To improve the convergence of the genetic algorithm, an additional penalty operator can be introduced to penalize equivalent individuals during the optimization process. Equivalent individuals receive a specific penalty added to their objective function, promoting greater diversity within the population. In our study, we also conducted tests on penalizing similar individuals to increase diversity; however, this penalty did not contribute to faster convergence of the optimization process.

5. Conclusions

This paper presented a novel approach to topology optimization that integrates a parameterized level set function with genetic algorithms, demonstrating promising capabilities in identifying global optima for complex structures. The use of B-spline surfaces not only reduces the number of optimization variables but also enhances the efficiency of the genetic algorithm, yielding high-quality solutions.

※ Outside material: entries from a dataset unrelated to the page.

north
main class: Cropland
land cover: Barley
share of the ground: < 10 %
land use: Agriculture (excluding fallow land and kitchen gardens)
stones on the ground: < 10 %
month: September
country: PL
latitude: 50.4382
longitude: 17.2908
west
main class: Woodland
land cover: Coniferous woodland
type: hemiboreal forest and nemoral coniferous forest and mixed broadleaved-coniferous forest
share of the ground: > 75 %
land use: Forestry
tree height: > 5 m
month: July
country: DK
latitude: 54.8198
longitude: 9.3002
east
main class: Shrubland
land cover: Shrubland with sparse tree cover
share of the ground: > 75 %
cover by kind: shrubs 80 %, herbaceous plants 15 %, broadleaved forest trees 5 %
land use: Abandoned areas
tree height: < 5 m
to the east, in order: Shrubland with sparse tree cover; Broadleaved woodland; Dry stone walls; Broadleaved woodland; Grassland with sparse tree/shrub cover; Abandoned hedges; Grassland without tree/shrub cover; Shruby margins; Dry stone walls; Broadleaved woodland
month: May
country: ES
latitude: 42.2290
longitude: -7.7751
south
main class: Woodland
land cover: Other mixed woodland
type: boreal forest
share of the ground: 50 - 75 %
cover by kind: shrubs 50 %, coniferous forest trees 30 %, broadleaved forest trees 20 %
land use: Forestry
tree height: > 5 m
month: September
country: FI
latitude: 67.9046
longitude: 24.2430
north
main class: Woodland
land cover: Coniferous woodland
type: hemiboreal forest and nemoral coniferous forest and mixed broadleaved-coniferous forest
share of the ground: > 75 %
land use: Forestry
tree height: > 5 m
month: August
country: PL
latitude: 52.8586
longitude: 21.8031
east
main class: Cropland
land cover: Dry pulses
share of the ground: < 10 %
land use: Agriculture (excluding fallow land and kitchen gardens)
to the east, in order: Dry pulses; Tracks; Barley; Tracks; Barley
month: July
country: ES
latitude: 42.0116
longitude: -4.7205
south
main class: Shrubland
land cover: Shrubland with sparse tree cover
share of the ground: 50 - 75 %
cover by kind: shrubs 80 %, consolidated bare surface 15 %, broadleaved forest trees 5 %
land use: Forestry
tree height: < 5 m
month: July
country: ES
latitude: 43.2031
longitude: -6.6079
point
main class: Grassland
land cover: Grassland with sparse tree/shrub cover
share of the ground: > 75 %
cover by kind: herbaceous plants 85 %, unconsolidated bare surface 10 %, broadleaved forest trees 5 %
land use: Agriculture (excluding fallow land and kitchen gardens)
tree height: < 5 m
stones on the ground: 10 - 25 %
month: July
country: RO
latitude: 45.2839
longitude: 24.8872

While various penalty operators were investigated to improve convergence and sensitivity, the proposed set of operators proved effective in achieving convergence and generating high-quality solutions. When combined with the extended objective function, this method demonstrated significant potential for enhancing topology optimization processes. However, challenges remain, particularly regarding the computational costs associated with complex structures and large variable sets.

Furthermore, integrating machine learning and deep learning methods could further enhance the optimization process and scalability. Expanding the applicability of the method to 3D problems also represents a significant area for future exploration.

The proposed topology optimization method plays a crucial role in providing effective initial solutions for existing procedures such as SIMP, ESO, and LS, where selecting appropriate initial conditions is vital for achieving convergence.